→ **What to work on**:
Word for word, please copy the listing below, with its pictures left out.

→ **Data excerpts**:
□ □ □ □ □ □ □
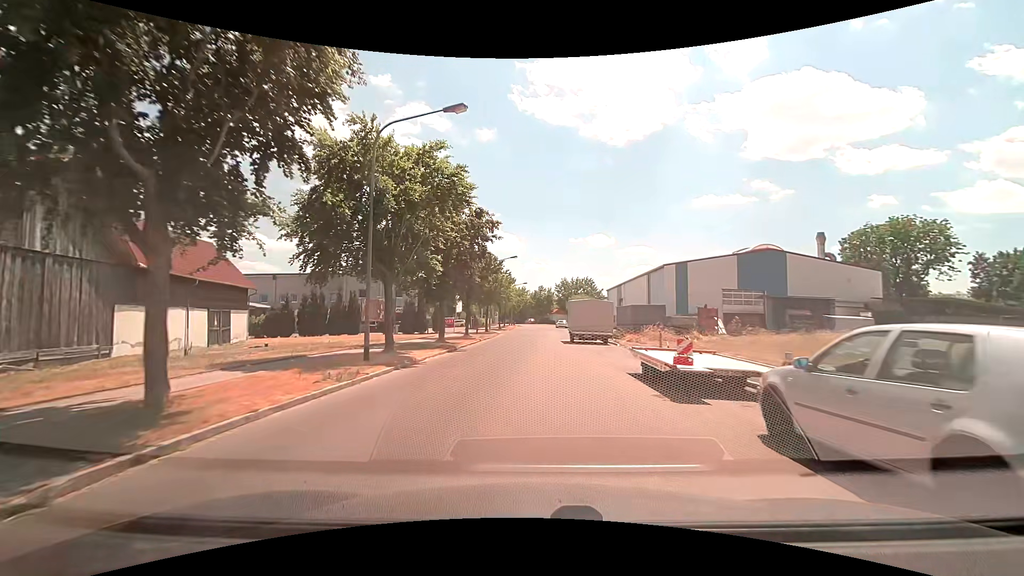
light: Day
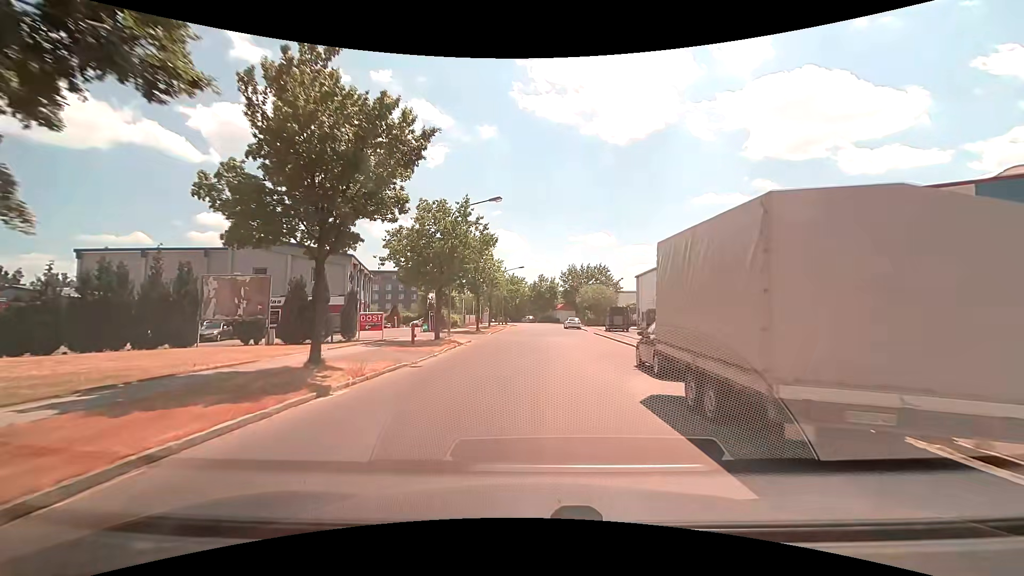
(+0.1, +26.7) m; 0°
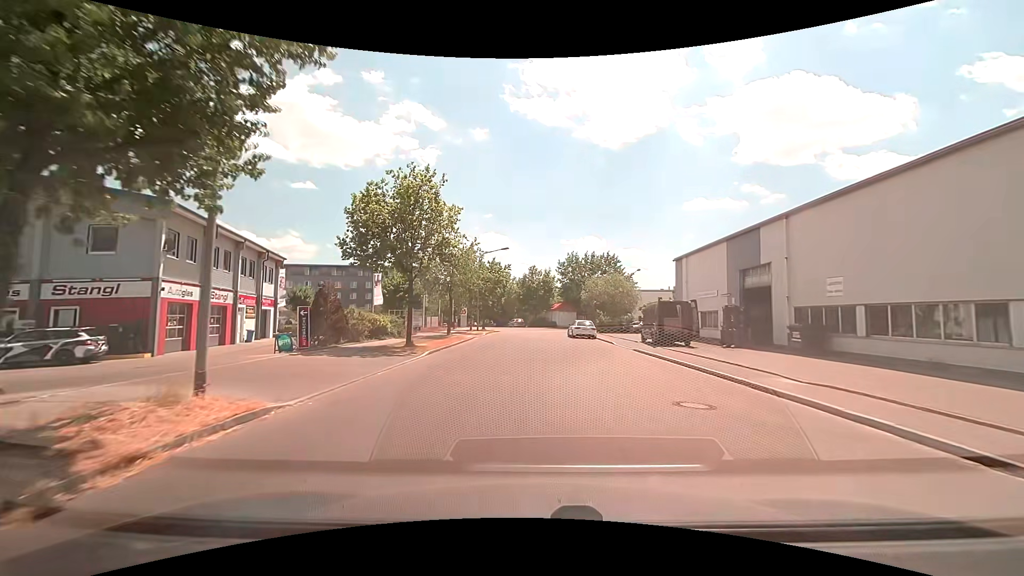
(+0.2, +21.9) m; +1°
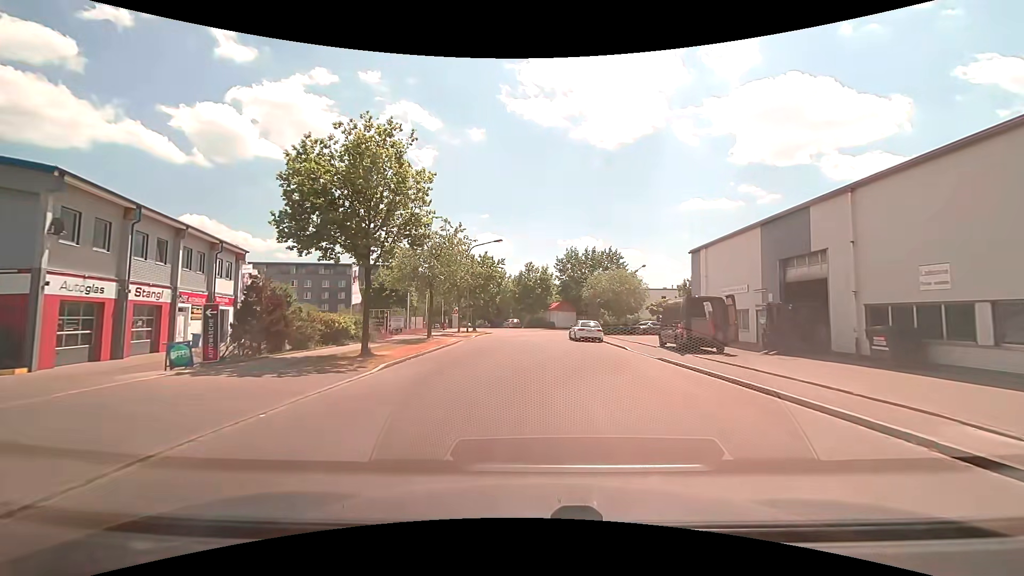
(0.0, +5.4) m; 0°
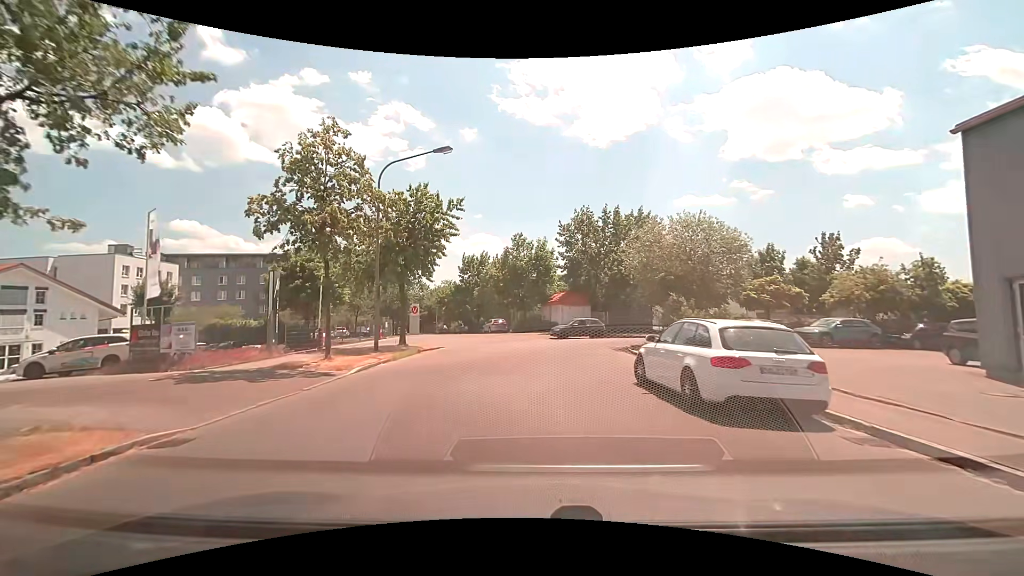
(+0.3, +24.8) m; +1°
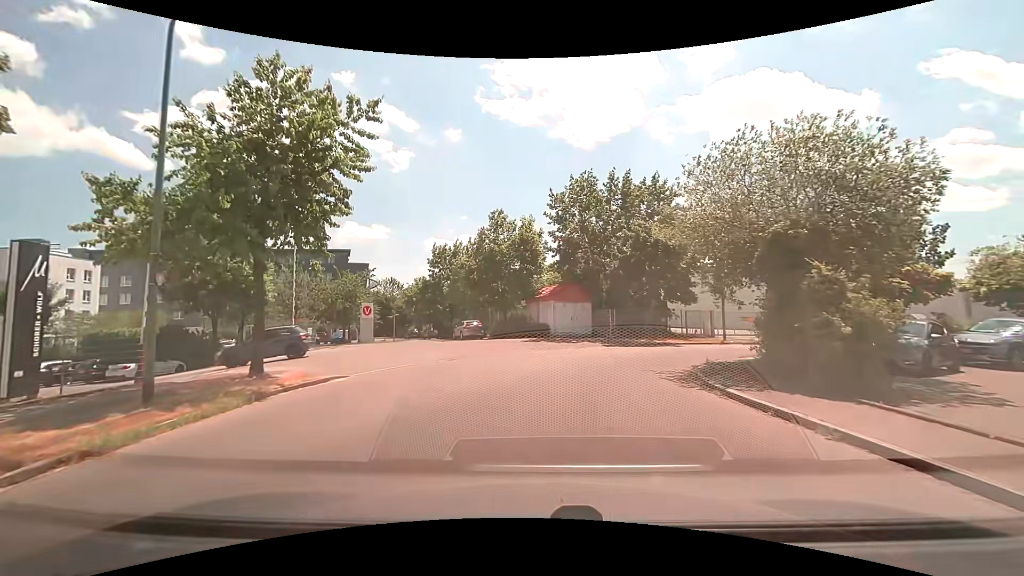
(+0.1, +11.3) m; +1°
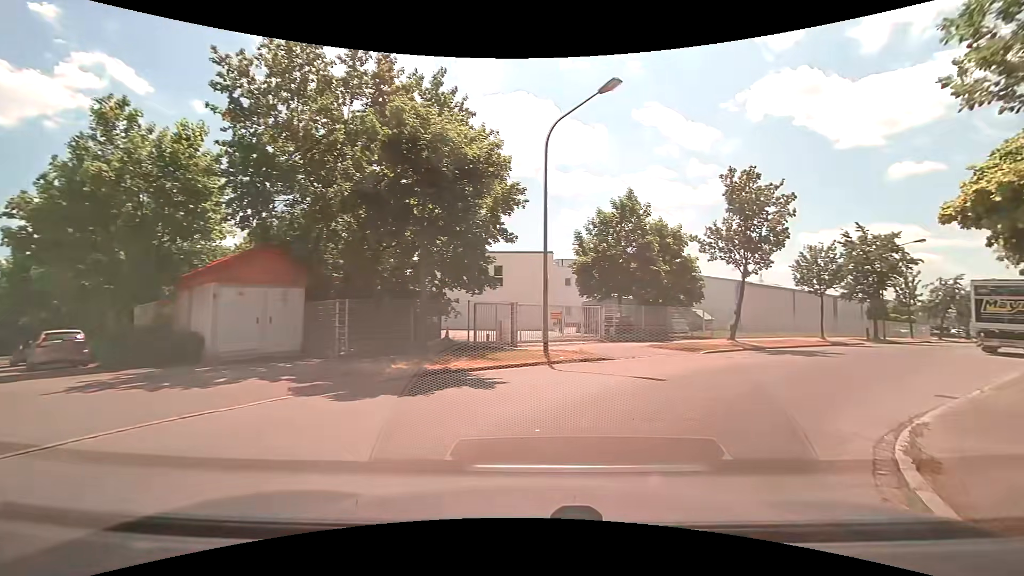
(+2.6, +16.3) m; +26°
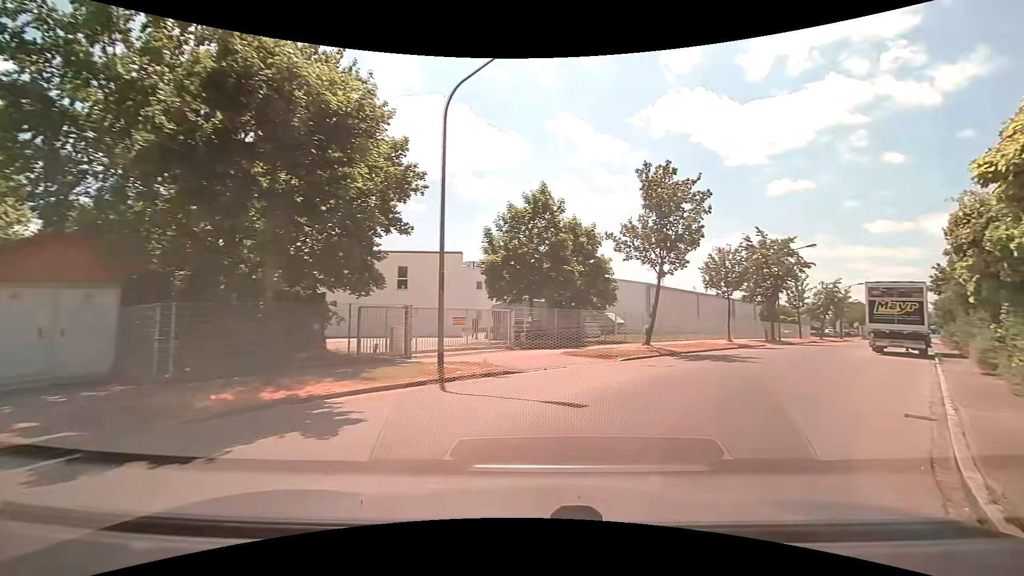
(+0.2, +3.1) m; +9°
(+3, +10) (+8, +18) (+13, +26) (+19, +34) (+26, +42) (+32, +50) (+38, +58) (+45, +65) (+52, +72) (+61, +75) m
□ □ □ □ □ □ □
→ **Response for this exercise**:
light: Day
(+0.1, +26.7) m; 0°
(+0.2, +21.9) m; +1°
(0.0, +5.4) m; 0°
(+0.3, +24.8) m; +1°
(+0.1, +11.3) m; +1°
(+2.6, +16.3) m; +26°
(+0.2, +3.1) m; +9°
(+3, +10) (+8, +18) (+13, +26) (+19, +34) (+26, +42) (+32, +50) (+38, +58) (+45, +65) (+52, +72) (+61, +75) m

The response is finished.